In light of our findings in Chapter 3, in Chapter 4 we ask a complementary question: if modern machine learning systems perform nowhere near the worst-case, how close might their performance be to the best-case? For an arbitrary classification task, we can quantify the best possible error attainable by any model with the Bayes error rate, though it is generally intractable to estimate for realistic datasets. To address this intractibility, we first prove that the Bayes error rate is invariant under invertible transformation of the input features. We then use normalizing flows to estimate an invertible map between the target data distribution and a simple base distribution, for which the Bayes error can be easily computed.

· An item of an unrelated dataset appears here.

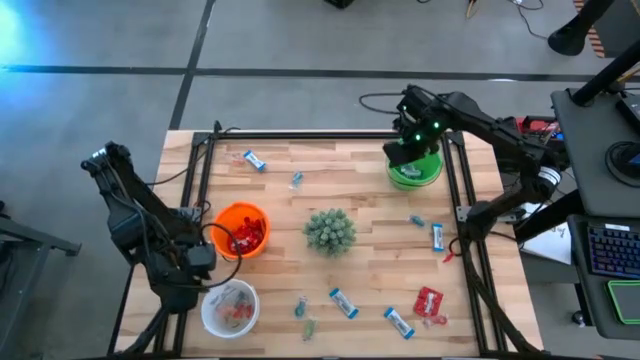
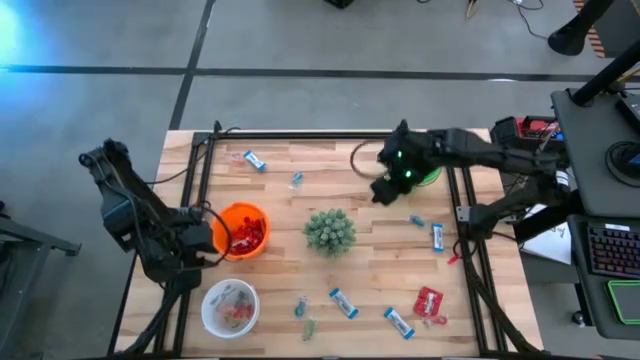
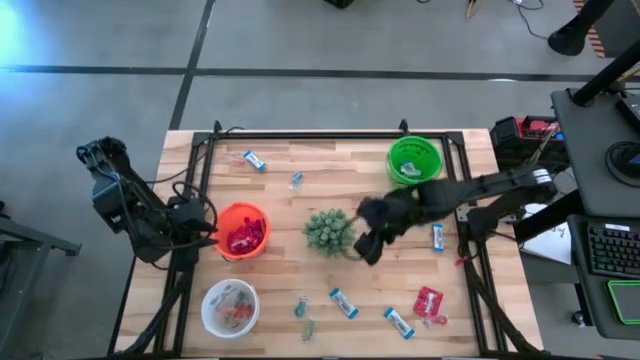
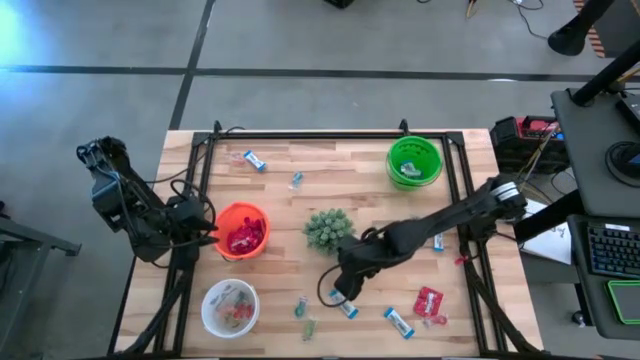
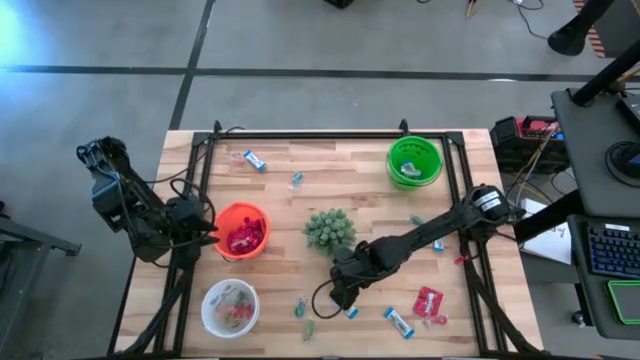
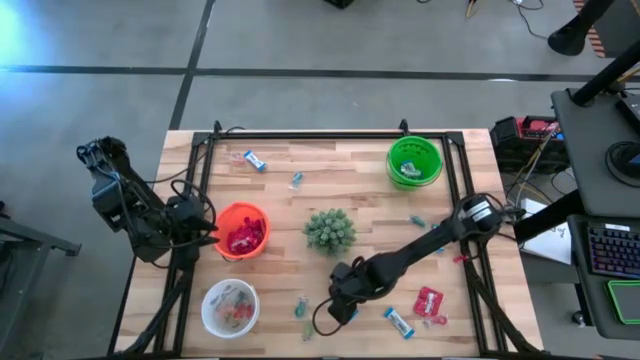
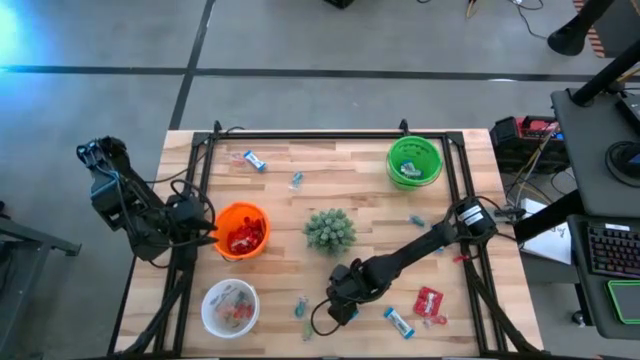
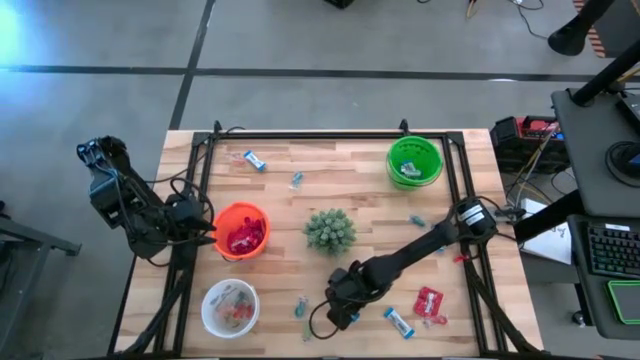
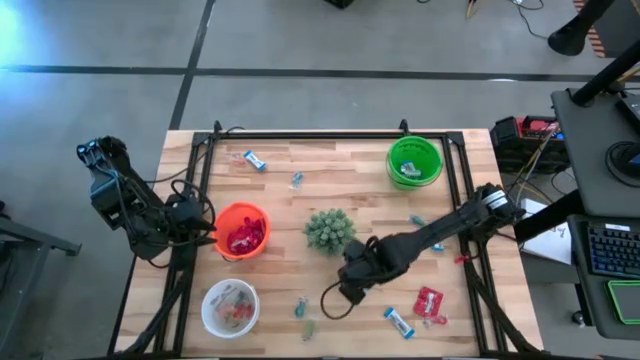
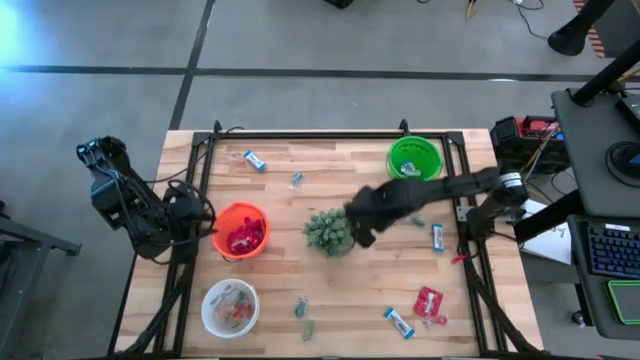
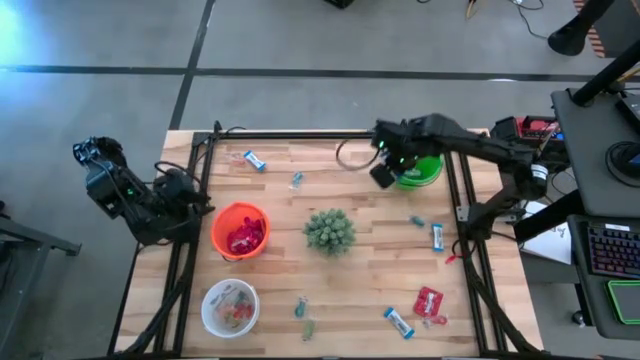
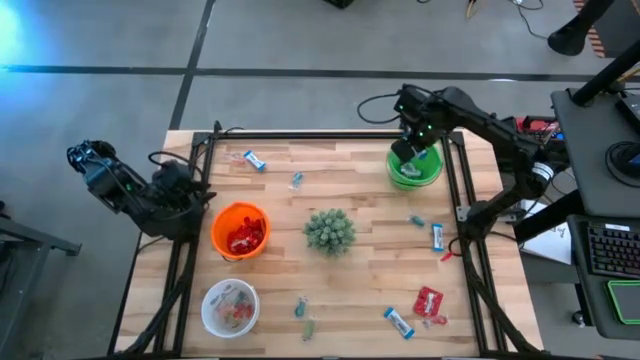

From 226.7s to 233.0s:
Put the white chocolate into the green bucket

We then evaluate a variety of state-of-the-art architectures against this estimated Bayes error rate, and find that in some (but not all) cases, these models achieve very close to optimal error rates.
In Chapter 5, we investigate average-case generalization via ensembling---a popular method wherein the predictions of multiple models are aggregated into a single, often more powerful predictor. In classical settings, the effectiveness of ensembling is well-understood; however, for ensembles comprised of deep neural networks, the benefits of this method are surprisingly inconsistent. To understand why, we first prove a new set of results relating the ensemble improvement rate (a measure of how much ensembling decreases error relative to the average error rate of a single model) to the ratio of model disagreement to the average error rate. This results in new oracle bounds on the error rate of ensemble classifiers, significantly improving on prior results in the literature. We then investigate ensembling experimentally and find, most notably, a distinct and consistent transition in the rate of ensemble improvement (and the disagreement-error ratio) occuring at the interpolation threshold---the point at which individual classifiers achieve exactly zero training error. Our findings suggest that ensembling is significantly less effective in the modern, over-parameterized regime than it is in more classical settings.
Finally, in Chapter 6 we conclude with some reflections on the state of the field, and outlook for how it might advance in the coming years.